┌────────
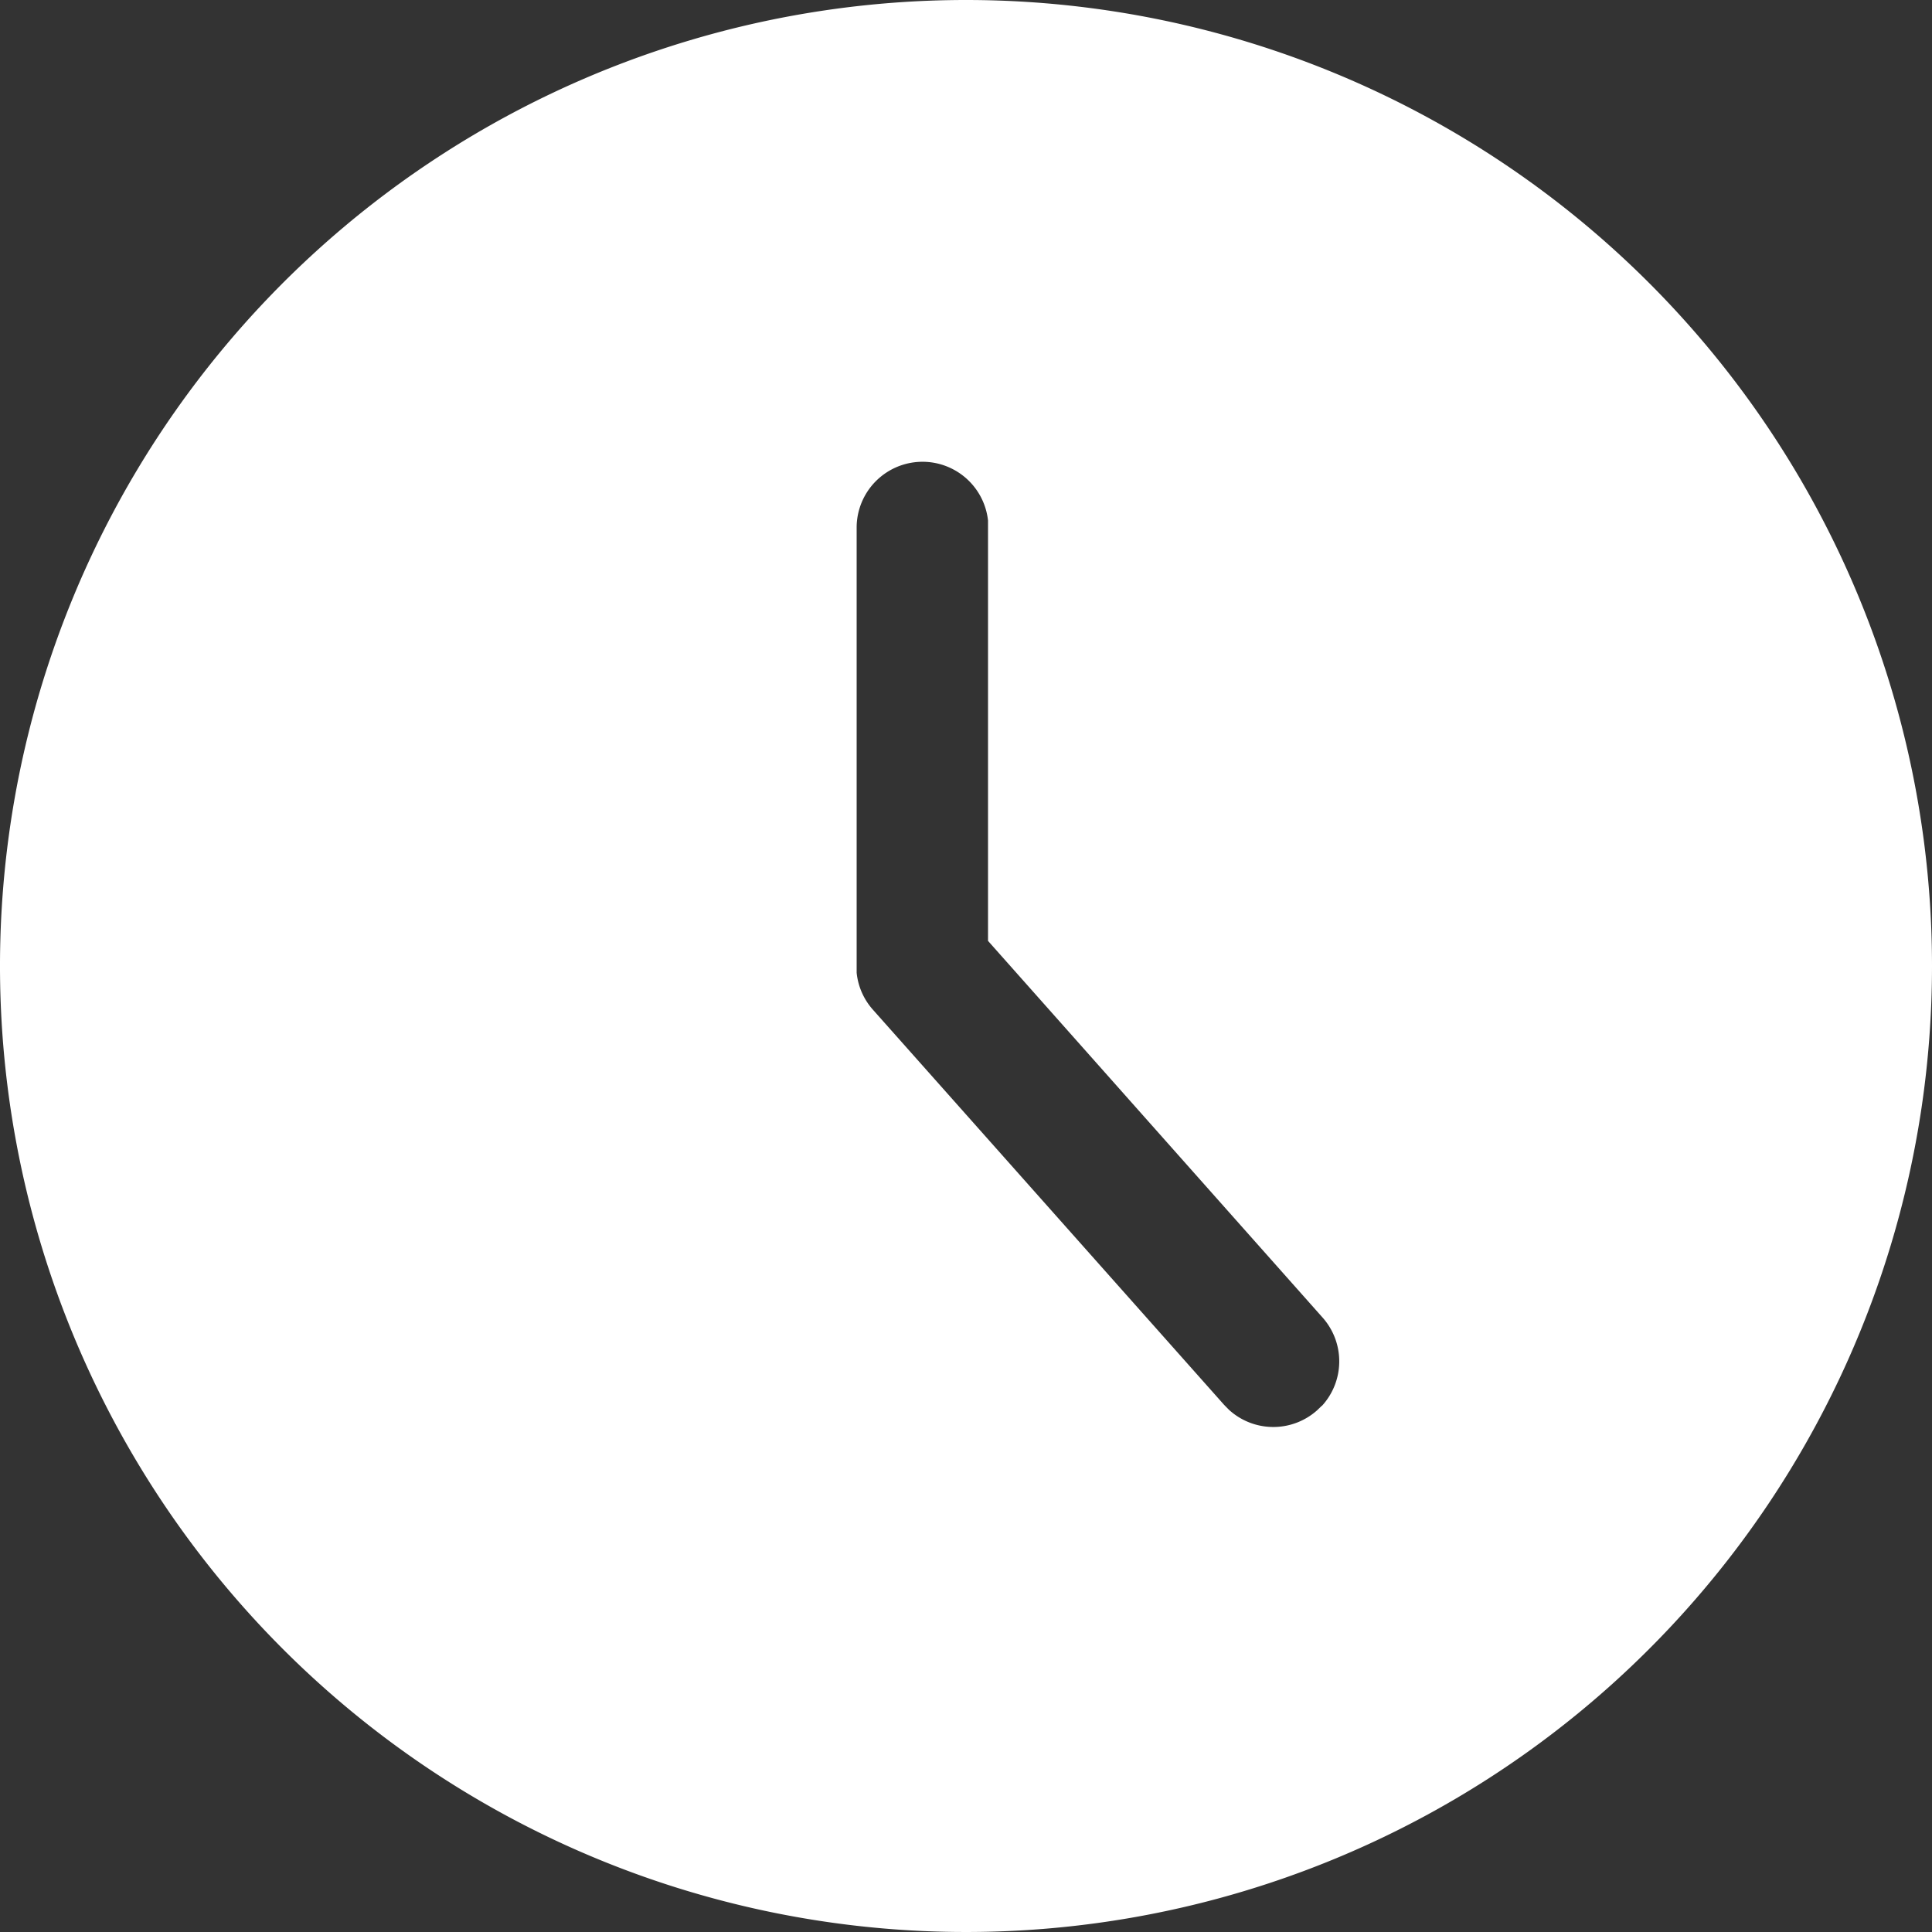 <svg xmlns="http://www.w3.org/2000/svg" width="20" height="20" viewBox="0 0 20 20">
  <rect x="0" y="0" width="20" height="20" fill="#333333" stroke="none"/>
  <defs>
    <style>
      .cls-1 {
        fill: #fff;
        fill-rule: evenodd;
      }
    </style>
  </defs>
  <path id="icon_banner_time" class="cls-1" d="M829,530a10,10,0,1,0,10,10A10,10,0,0,0,829,530Zm3.685,14.551-0.051.049a0.681,0.681,0,0,1-.913-0.007l-0.049-.05-3.636-4.091a0.678,0.678,0,0,1-.168-0.382l0-.071v-4.545a0.682,0.682,0,0,1,1.36-.065l0,0.065v4.286l3.464,3.9A0.682,0.682,0,0,1,832.685,544.553Z" transform="translate(-819 -530)"/>
</svg>
└────────
**DESCRIPTION OF THE TASK:**
Images in the records must not be repeated; everything else should be returned exactly.

**SOLUTION TO THE PROBLEM:**
 <svg xmlns="http://www.w3.org/2000/svg" width="20" height="20" viewBox="0 0 20 20">
  <rect x="0" y="0" width="20" height="20" fill="#333333" stroke="none"/>
  <defs>
    <style>
      .cls-1 {
        fill: #fff;
        fill-rule: evenodd;
      }
    </style>
  </defs>
  <path id="icon_banner_time" class="cls-1" d="M829,530a10,10,0,1,0,10,10A10,10,0,0,0,829,530Zm3.685,14.551-0.051.049a0.681,0.681,0,0,1-.913-0.007l-0.049-.05-3.636-4.091a0.678,0.678,0,0,1-.168-0.382l0-.071v-4.545a0.682,0.682,0,0,1,1.36-.065l0,0.065v4.286l3.464,3.9A0.682,0.682,0,0,1,832.685,544.553Z" transform="translate(-819 -530)"/>
</svg>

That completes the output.